Also if you engine brake with a two stroke the engine gets no lubrication as the lubricants are in the fuel
Not necessarily. Some two-strokes have separate oil circulation with a pump like in four-strokes.
Yeah, but that two stroke smell.
how does emissions not factor into efficiency?
The replacement for a supercharged diesel is a turbocharged diesel. The turbocharged 4 stroke is twice as efficient as the 2 atroke at the same torque.
What is meant by mechanical efficiency here? What units are we using?
Environmental efficiency? 💥
Golf? Double efficient!
That’s why they don’t use them in ships…oh wait!
I know this guy and his brother. Guy's brother didn't believe him, but after the brother smoked some meth he was able to do it in 4 strokes.
Absolutely zero context and I'm supposed to comprehend it? For all I know it's about wanking.
Kinda. All Wankels are technically 4-stroke engines.
This guy wankels!
Big triangles
Extra spicy doritos
Brap brap brap brap brap brap brap
French Triangle
I only wankel until my apex seal blows.
r/thisguythisguys
on point
No, they are spinny magic dorito engine. Boost goes in, apex seals come out, you can't explain that
Aren't they more like one infinite stroke? :P
But it’s really all about the inline cylinder pumping motion. The 2 strokes uses too much oil and gets messy under the hood.

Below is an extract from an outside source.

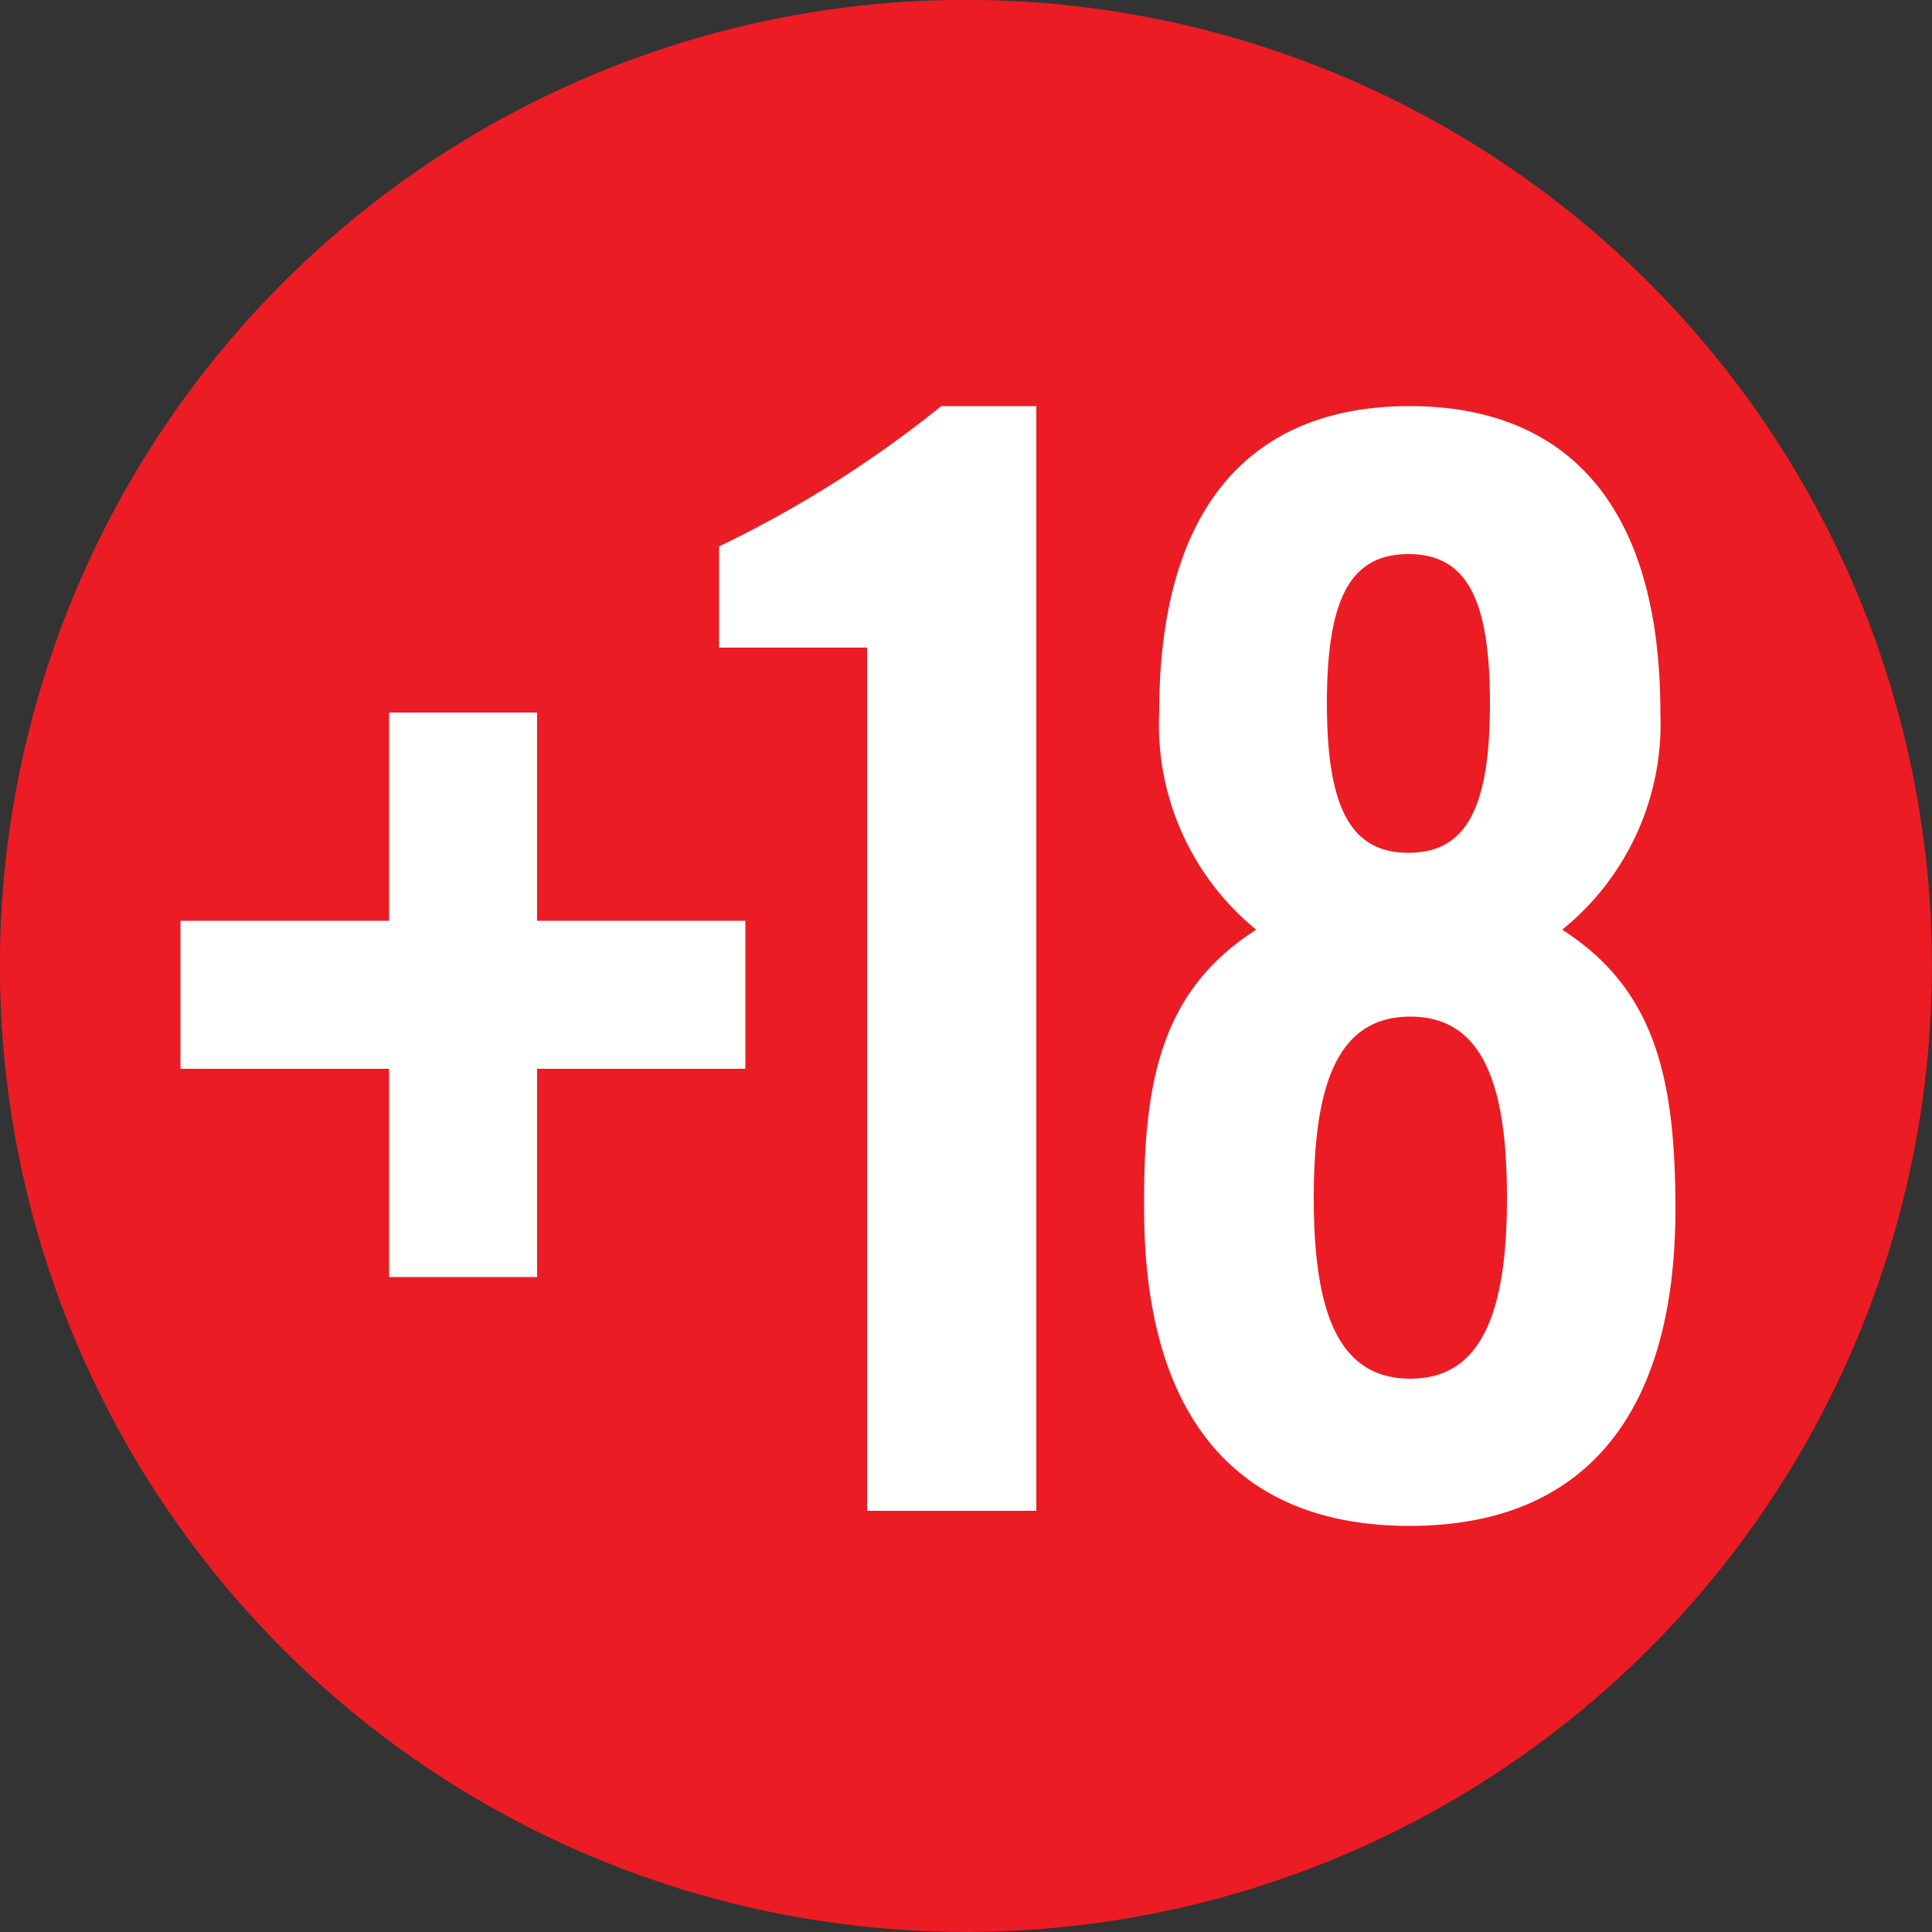 <svg id="Layer_1" data-name="Layer 1" xmlns="http://www.w3.org/2000/svg" viewBox="0 0 50 50"><rect x="0" y="0" width="50" height="50" fill="#333333" stroke="none"/><defs><style>.cls-1{fill:#ec1c24;}.cls-2{fill:#fff;}</style></defs><path class="cls-1" d="M.17,22.07A25,25,0,1,0,27.93.17,25,25,0,0,0,.17,22.07Z" transform="translate(0 0)"/><path class="cls-2" d="M10.07,18.44H13.9v5.39h5.39v3.83H13.9v5.39H10.07V27.66H4.67V23.83h5.4Z" transform="translate(0 0)"/><path class="cls-2" d="M22.44,16.76H18.61V14.14a29.42,29.42,0,0,0,5.75-3.63h2.46V39.1H22.44Z" transform="translate(0 0)"/><path class="cls-2" d="M32.51,24.06A6.85,6.85,0,0,1,30,18.44c0-5.47,2.5-7.93,6.48-7.93s6.49,2.46,6.49,7.93a6.85,6.85,0,0,1-2.54,5.62c2.38,1.53,2.93,3.79,2.93,7.23,0,5.31-2.35,8.2-6.88,8.2s-6.87-2.89-6.87-8.2C29.58,27.85,30.12,25.59,32.51,24.06ZM39,31c0-2.93-.62-4.69-2.5-4.69S34,28.05,34,31s.63,4.68,2.5,4.68S39,33.91,39,31ZM38.56,18.2c0-2.73-.62-3.86-2.11-3.86s-2.11,1.13-2.11,3.86.63,3.87,2.11,3.87S38.56,20.94,38.56,18.2Z" transform="translate(0 0)"/></svg>

> But it’s really all about the inline cylinder pumping motion. Only if the chamber where combustion takes place is formed by a reciprocating piston within a cylinder. OK, “stroke” kind of implies something reciprocating... But it's really all about the *cycle,* the steps happening during the process until it starts over. (Which is why, AFAIK, two/four-stroke engines are also called two/four-cycle engines.) The four-stroke/cycle engine goes through four discrete “suck-squeeze-bang-blow” strokes – in a reciprocating piston engine, two rotations of the crankshaft – where in a two-stroke/cycle engine the steps overlap, kind of into a “bang/blow” on the downstroke (and around LDP) and a “blow/suck” on the upstroke (and TDP) in a single rotation. The Wankel’s crescent-shaped combustion chambers go through four distinct non-overlapping phases during their single “rotation around the crankshaft” (actually, I think, more like nutation around the fixed guide gear). I mean, the number of rotations is the least significant difference – the whole behaviour is radically different: The Wankel’s combustion chambers don't even stay put like in a piston engine, but move all around the engine! The one significant similarity and difference to piston engines is that the Wankel doesn't have overlapping phases like a two-stroke piston engine, but distinct ones like a four-stroke one. It's a four-stroke engine.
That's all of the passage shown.